- Theatrical release poster
- Directed by: Michael Karbelnikoff
- Screenplay by: Michael Mahern; Nicholas Kazan;
- Story by: Michael Mahern
- Produced by: Steve Roth
- Starring: Christian Slater; Patrick Dempsey; Richard Grieco; Costas Mandylor; F. Murray Abraham; Lara Flynn Boyle; Michael Gambon; Anthony Quinn;
- Cinematography: Lajos Koltai
- Edited by: Joe Augustine
- Music by: Michael Small
- Distributed by: Universal Pictures
- Release date: July 26, 1991;
- Running time: 104 minutes
- Language: English
- Budget: $23 million
- Box office: $20.2 million

= Mobsters (film) =

1991 film by Michael Karbelnikoff

Mobsters is a 1991 American crime drama film directed by Michael Karbelnikoff. It details the creation of The Commission. Set in New York City, taking place from 1917 to 1931, it is a semi-fictitious account of the rise of Charles "Lucky" Luciano, Meyer Lansky, Frank Costello, and Benjamin "Bugsy" Siegel. The film stars Christian Slater as Luciano, Patrick Dempsey as Lansky, Costas Mandylor as Costello and Richard Grieco as Siegel, with Michael Gambon, Anthony Quinn, Lara Flynn Boyle and F. Murray Abraham in supporting roles.

==Synopsis==

The film recounts the rise of four infamous gangsters: Lucky Luciano, Meyer Lansky, Bugsy Siegel and Frank Costello. The four begin as members of youth gangs on the streets of New York, fighting and hustling as they learn the rules of the street and form strong friendships that benefit them as they grow into their teenage years. The beginning of Prohibition provides them with an entry into organized crime, and under the mentorship of seasoned gangsters such as Arnold Rothstein, they build up a lucrative bootlegging empire.

Despite their success, the four come into conflict with the established leaders of the Mafia, who dislike the idea of working with other criminal organizations to maximize profits and compete with each other for power and influence. Believing that the Mafia must restructure itself in order to thrive, Luciano and Lansky recruit Siegel and Costello to eliminate their bosses and assume control, setting up the Commission and dividing the New York underworld between five families.

==Cast==

- Christian Slater as Charlie "Lucky" Luciano
- Patrick Dempsey as Meyer Lansky
- Richard Grieco as Benjamin "Bugsy" Siegel
- Costas Mandylor as Frank Costello
- F. Murray Abraham as Arnold Rothstein
- Michael Gambon as Don Faranzano
- Anthony Quinn as Don Masseria
- Lara Flynn Boyle as Mara Motes
- Chris Penn as Tommy Reina
- Nicholas Sadler as Mad Dog Coll
- Andy Romano as Antonio Luciano
- Robert Z'Dar as Rocco
- Frank Collison as Catania
- Rodney Eastman as Joey
- Joe Viterelli as Joe Profaci
- Titus Welliver as Al Capone

==Reception==
On Rotten Tomatoes, the film holds an approval rating of 9% based on 33 reviews with a mean of 4.2 of a possible ten. The website's critics consensus reads: "Despite an abundance of style and some big names, Mobsters can't escape its empty plotting, numbing violence, and Gangster Movie 101 concepts." Audiences polled by CinemaScore gave the film an average grade of "B" on an A+ to F scale.

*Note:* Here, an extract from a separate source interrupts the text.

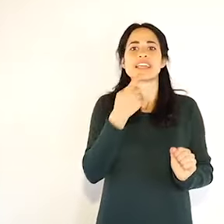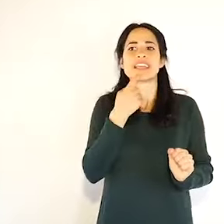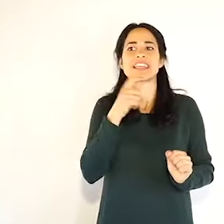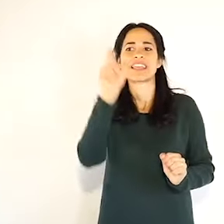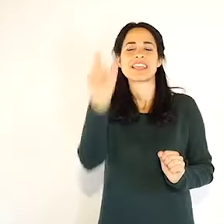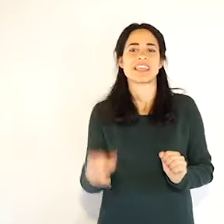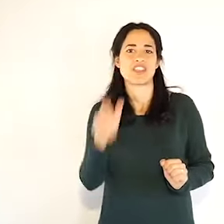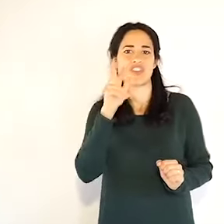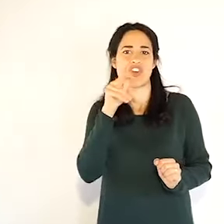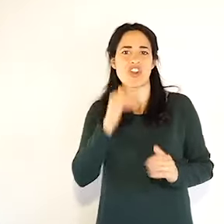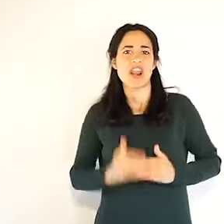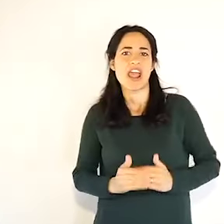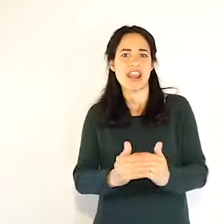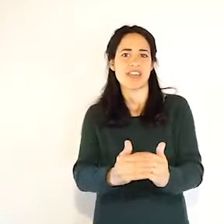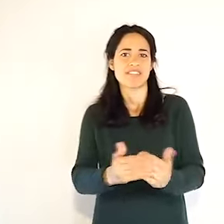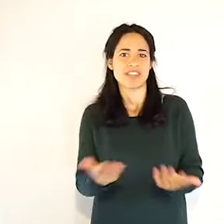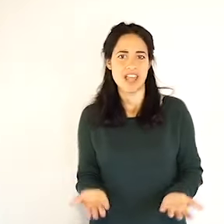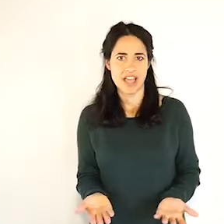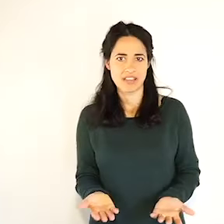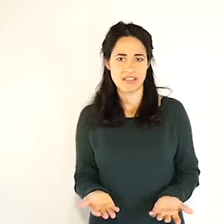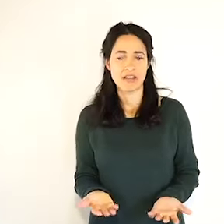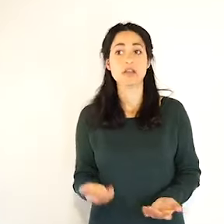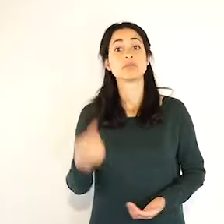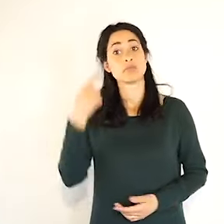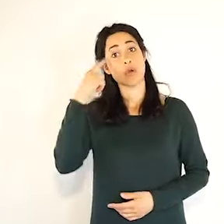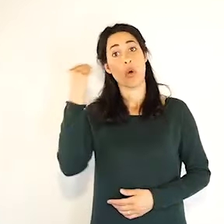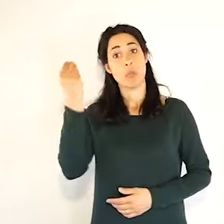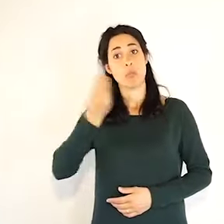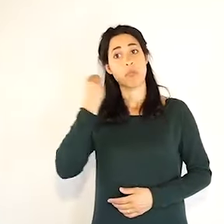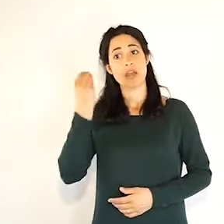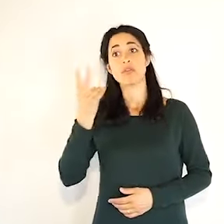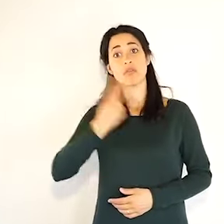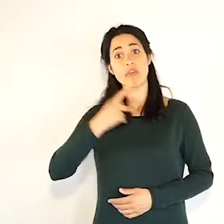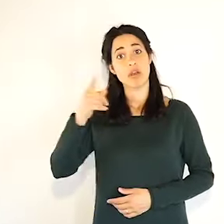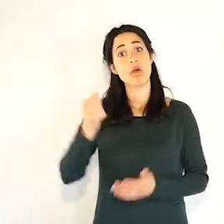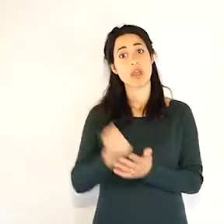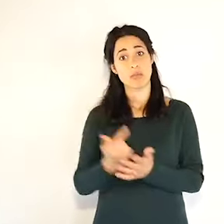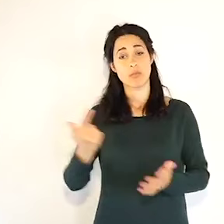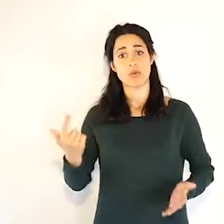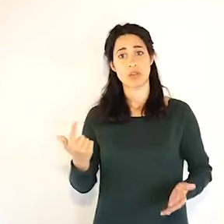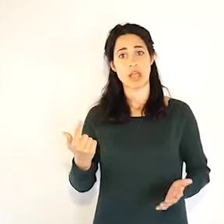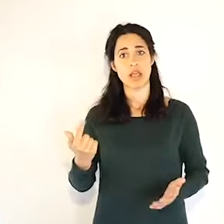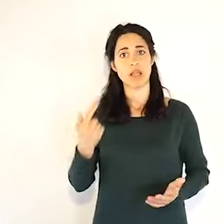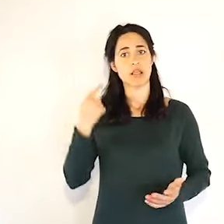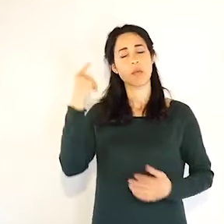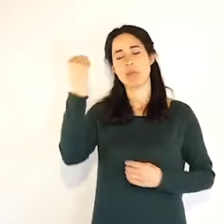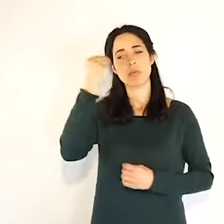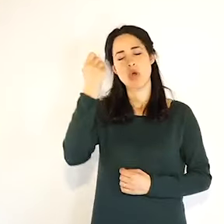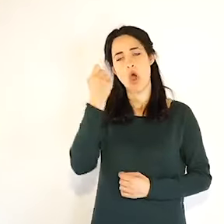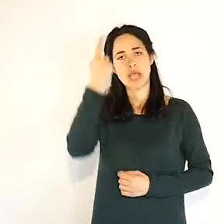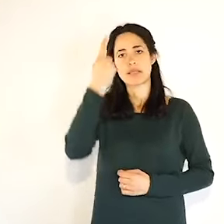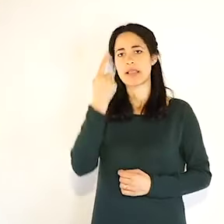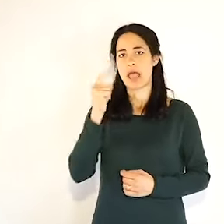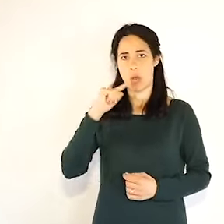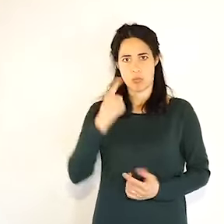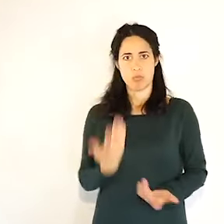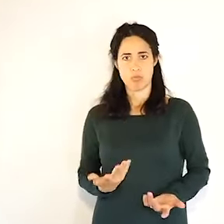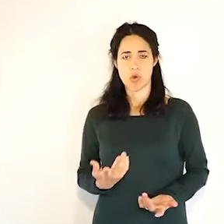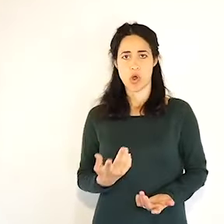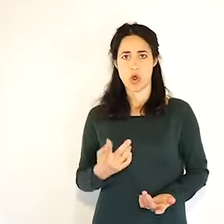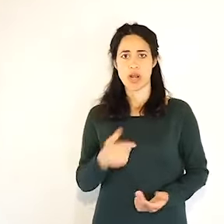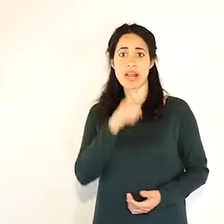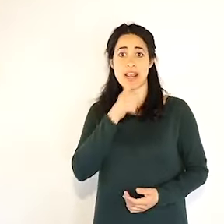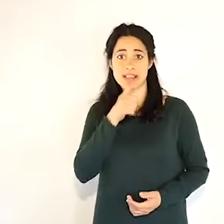sarebbe un'ottima idea bisogna avere grande rispetto per le donne in gravidanza e per i

Variety wrote that "Mobsters resembles a cart-before-the-horse case of putting marketing ahead of film-making, as the seemingly can't-miss premise of teen-heartthrob gangsters gets lost in self-important direction, a shoddy script and muddled storytelling." Roger Ebert wrote that the movie's violence and bloodshed were so over the top that "they undermine the rest of the film, and approach parody"; he gave it two and a half out of four stars.

Both Anthony Quinn and Christian Slater were nominated for the Golden Raspberry Award for Worst Supporting Actor for their performances, with Slater also being nominated for his performance in Robin Hood: Prince of Thieves, but both lost to Dan Aykroyd for Nothing But Trouble.

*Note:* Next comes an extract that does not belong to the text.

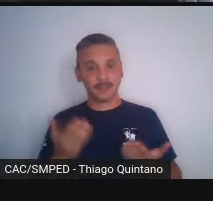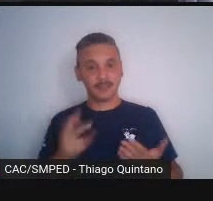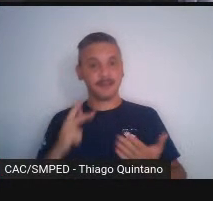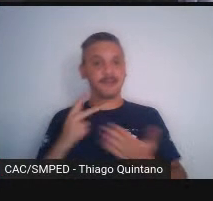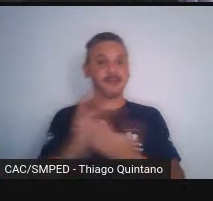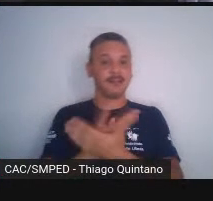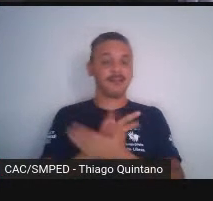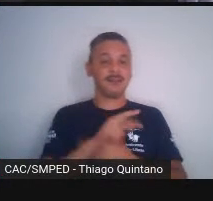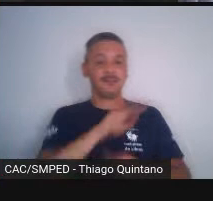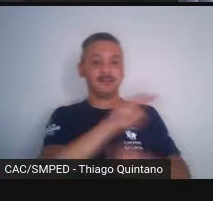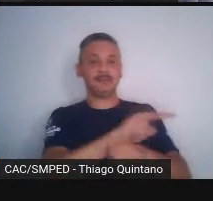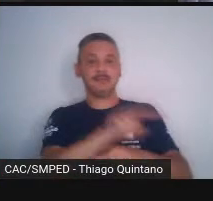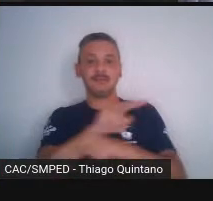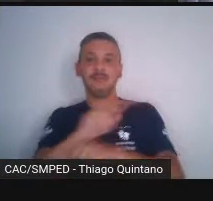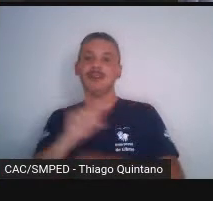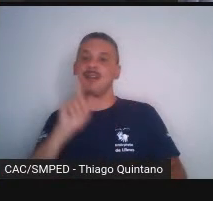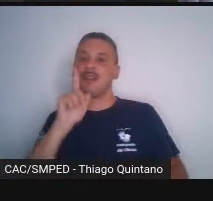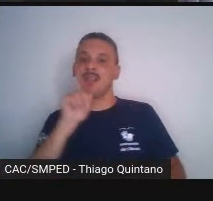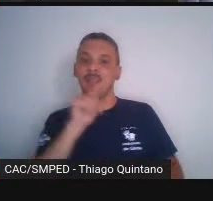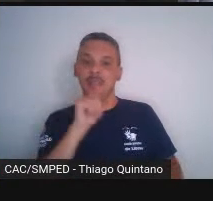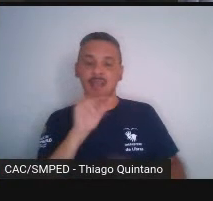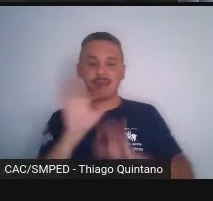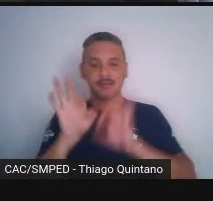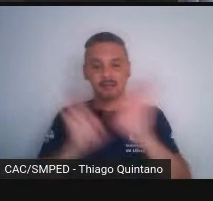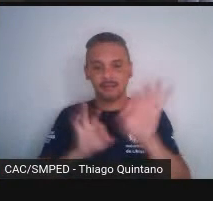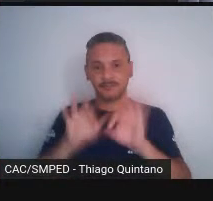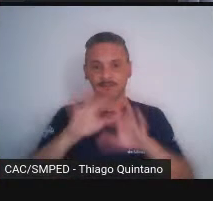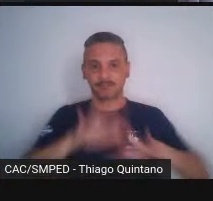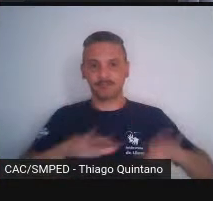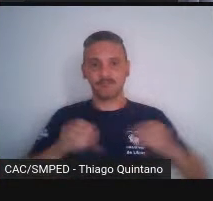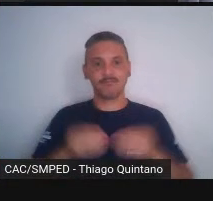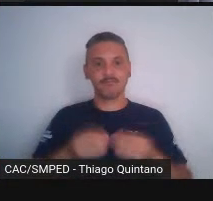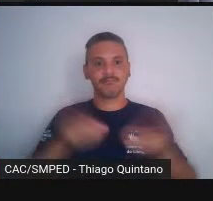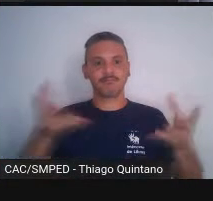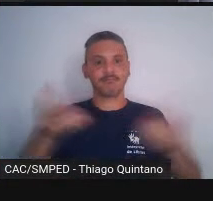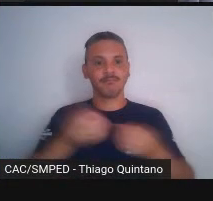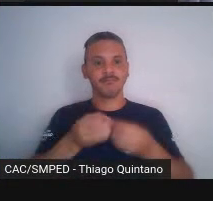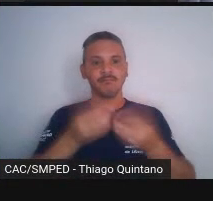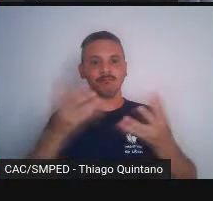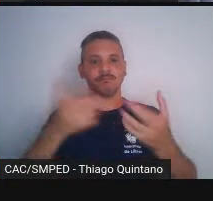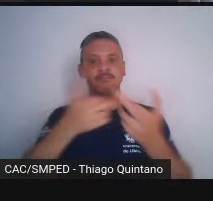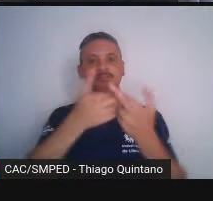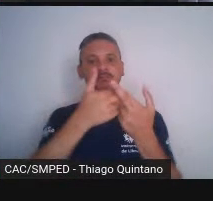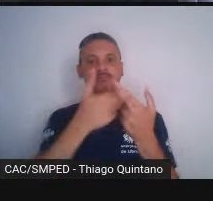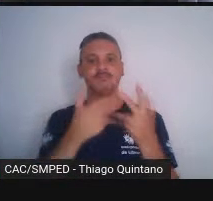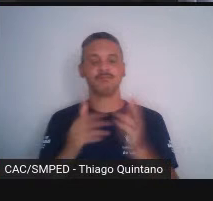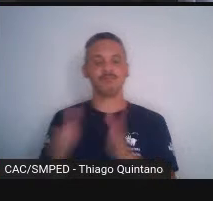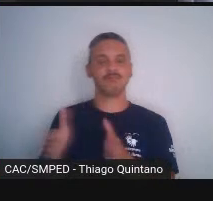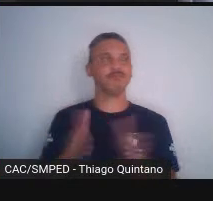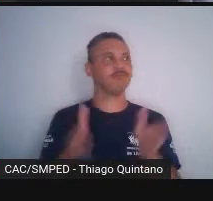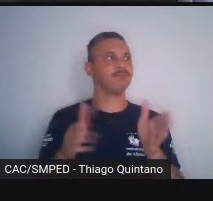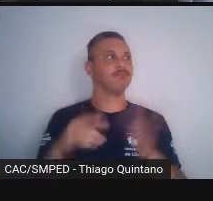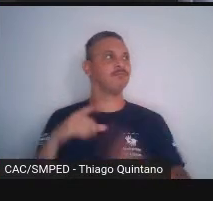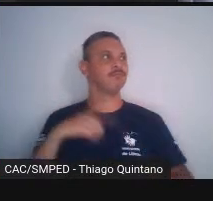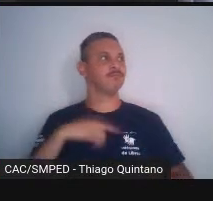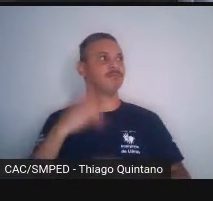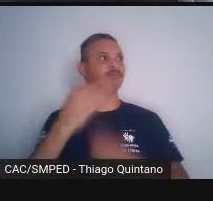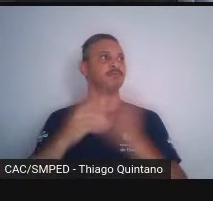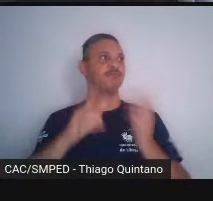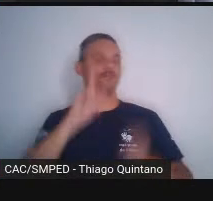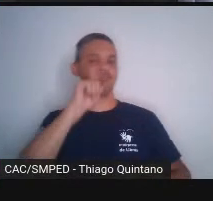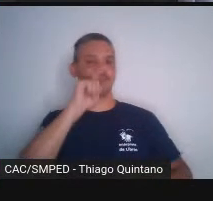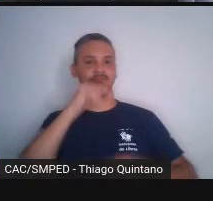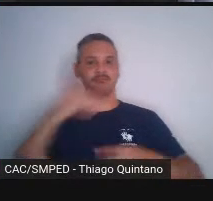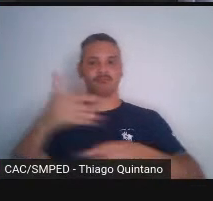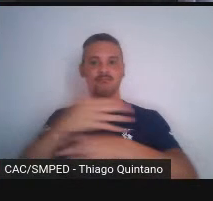proteger as águas que são fornecedoras, fontes de mananciais que fornecem água para a cidade,

Slater said he was hoping that the film would be like the much more successful Bugsy, but this did not happen: "Our movie ended up in bits and pieces all over the world," he said. "They had different versions flying to Japan, Europe and every other place. There were extended versions, shortened versions; all kinds of weird versions. In my opinion, audiences never got to see a full film. Somewhere in all that mess, there was a legitimate story. It was there in the script."

===Box office===
The film debuted at No. 2 behind Terminator 2: Judgment Day, but failed to make a profit.